Our customers are not flamboyant but are rather at that intersection between classic styles of the past with what is contemporary and acceptable. We help them to navigate the divide between classical and more adventurous choices. Most of our customers love quality clothes, but they’re not “extravagant” dressers. Others are really adventurous and that’s amazing.
I can’t say if they buy more extravagant or classic items. Physical stores put orange sweaters in their windows and they end up selling navy blue ones. For an online store, a navy sweater looks like a piece of black fabric, instead. In the absence of the possibility to touch certain fabrics and textures, colors would work much better.
Do they buy according to impulse, by brand or more rationally?
They are definitely not impulsive, especially over a certain price level. Though they trust us for our brand and size selection as many of them return and order again. According to statistics they are 70%–which is a very high customer loyalty.
They also often write to me asking what’s coming next from various brands. That’s why I created the section Coming Soon. Thanks to that we have many items that are sold out even before they get delivered.
What was your bestselling piece in the last months?
Our f/w 2020 bestseller was a classic style buttoned merino wool olive green cardigan by GRP, an Italian brand, a perfect example of intersection between classic style paired with a contemporary touch. We did two additional production rounds within the season for that piece, which was an amazing success.
Your website hosts Revived, a section for reselling old clothes. How is that working?
It’s incredibly important to me as it’s an essential part of how we should produce, sell and consume. We launched it in October 2019 and it is going incredibly well. Usually, things get sold the same day we put them online. Especially with quality clothing, the resell market is seeing a lot of success as they resell and give new value to these items. Reselling and the circular approach are mandatory and the right way to be a consumer, a seller and a manufacturer.

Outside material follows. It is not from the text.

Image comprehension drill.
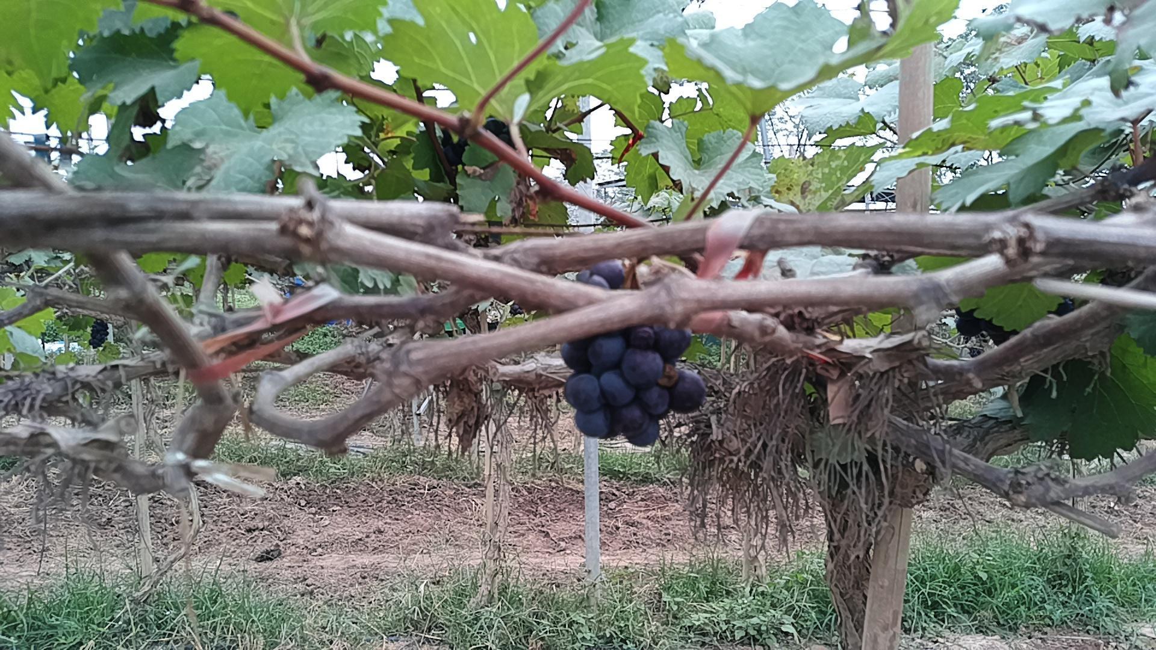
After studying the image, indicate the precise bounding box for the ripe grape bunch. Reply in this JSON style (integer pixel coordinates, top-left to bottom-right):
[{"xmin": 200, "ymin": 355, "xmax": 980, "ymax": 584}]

What’s next in menswear and sportswear?
I think some brands are starting to have less emphasis on seasonal collections, more versatile pieces and more universal collections that can be worn across different seasons. It’s a good trend also because there are fewer unsold pieces when they buy for the next season. Though also strong is the mix between functional apparel and fashion. I think that US brands have become very strong in mixing these two aspects, while European ones still have to progress as they keep them separate and their offer is still too fragmented.